JAMA. 2016;316:1172-1180
2番目の抗TNF阻害剤より、抗TNF阻害剤以外の生物学的製剤の方が有効であった。
産業医大のデータからみると、2番目の生物学的製剤の有効性は下記のような結果であった。
TNF→TCZ>TNF→TNF>TNF→ABT(アバタセプト)
免疫フェノタイプを調べることにより、どの薬が有効かを予測することが可能かもしれない。

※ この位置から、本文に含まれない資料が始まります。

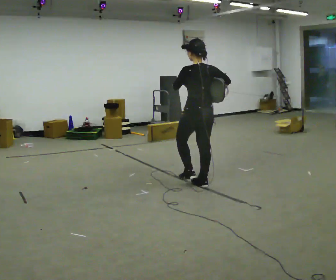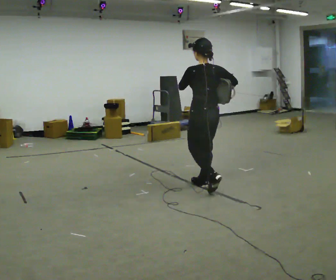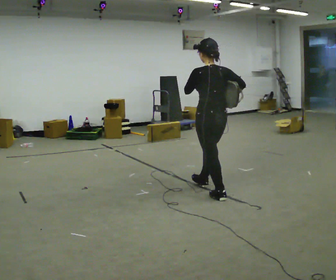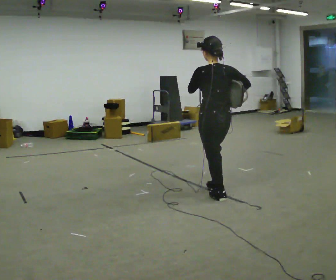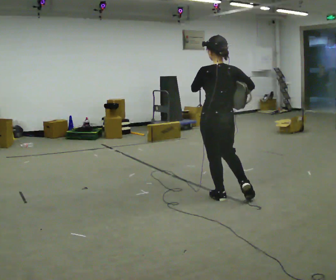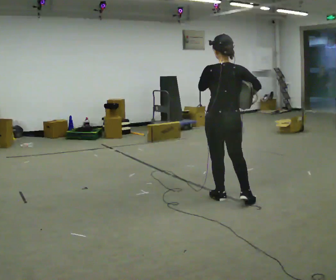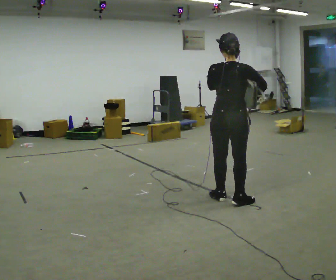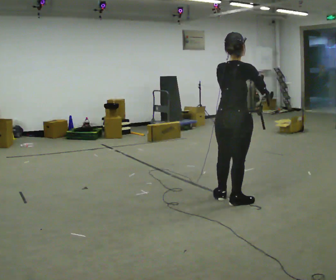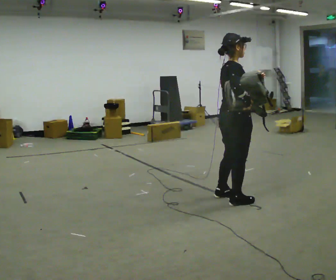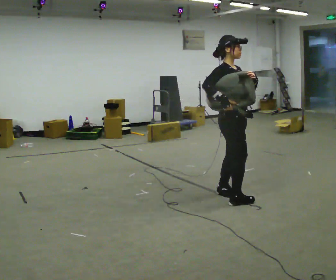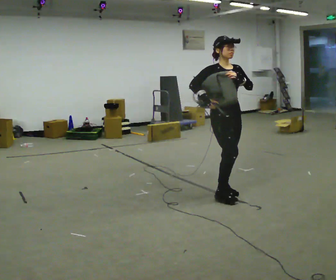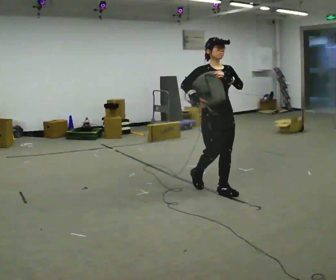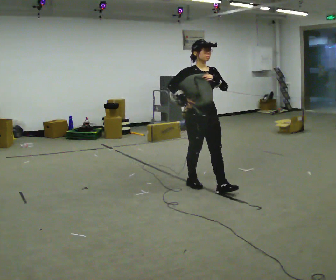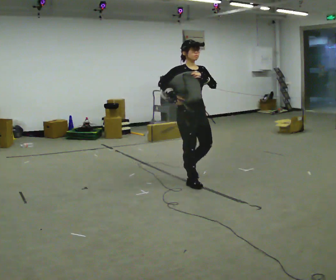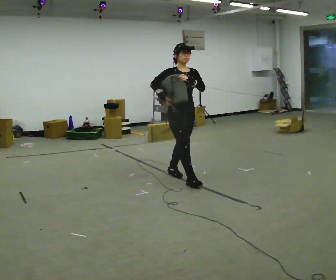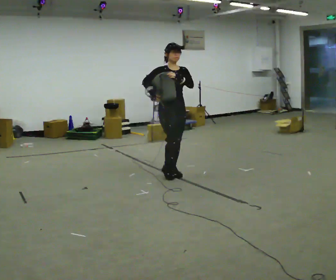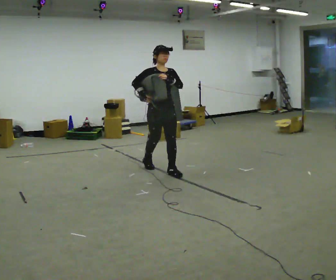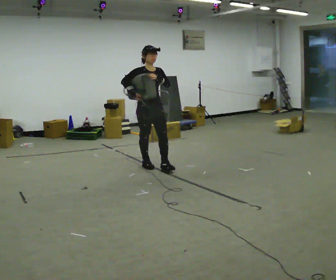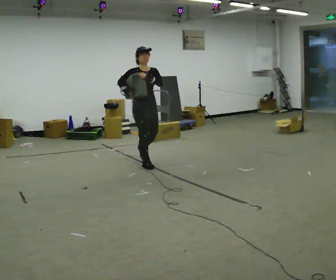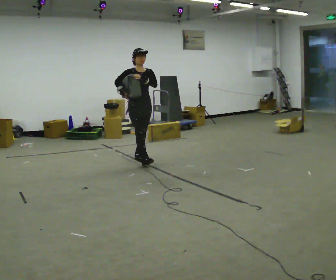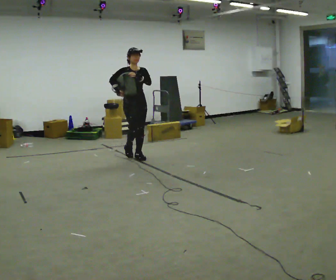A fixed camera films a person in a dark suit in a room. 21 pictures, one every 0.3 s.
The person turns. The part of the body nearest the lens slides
to the left.
The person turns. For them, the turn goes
to their right.
0.0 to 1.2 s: In the picture they go toward the camera and to the right, about 0.5 m in 1 step, which for them is backward.
1.2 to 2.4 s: The person turns about 90 degrees to their right, clockwise seen from above, so the part of the body nearest the lens slides to the left. In the picture their left hand goes to the right.
2.4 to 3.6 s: Seen from above the body turns clockwise, about 75 degrees: to their right, with its near side sliding to the left. In the picture they go away from the camera and to the left, about 0.5 m in 2 steps.
3.6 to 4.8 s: In the picture they go to the left and away from the camera, about 1 m in 1 step, which for them is backward.
4.8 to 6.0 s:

MTX関連リンパ増殖性疾患(methotrexate-associated lymphoproliferative disorder ;MTX-LPD)について
産業医大では48例のMTX-LPDを経験し、24例はMTX中止で自然退縮し、24例で持続したため、治療が必要になった。田中先生の私見として、MTX-LPDではIL-6受容体の発現が認められるため、MTX-LPD退縮後の関節リウマチに対し、生物学的製剤としてはABTよりTCZの方が良いかもしれないと述べられていた。
トシリズマブ皮下注〜投与期間短縮オブションをいかに使いこなすか〜
NTT西日本大阪病院 アレルギー・リウマチ・膠原病内科 緒方 篤先生
トシリズマブの有効性を体重別で比べた場合
体重60kg以上 皮下注<点滴
体重60kg未満 皮下注>点滴
体重60kg以上では2週に1回の皮下注では効果不十分となる可能性あり→そこで週1回投与!
2週に1回トシリズマブを皮下注していても効果不十分の患者を2群(週1回投与群、または、2週に1回投与群)に分けて比較検討した。
12週後のDAS28ESR改善率は週1回投与群が、2週に1回投与群に比べ有意に高かった。
有害事象は両群で有意差はなかった。
トシリズマブ2週に1回投与が効果不十分と判断するポイント
トシリズマブ投与後8週経過していてもCRP陰性化していない場合は、24週経過していてもCRPが陰性化しない可能性が高い。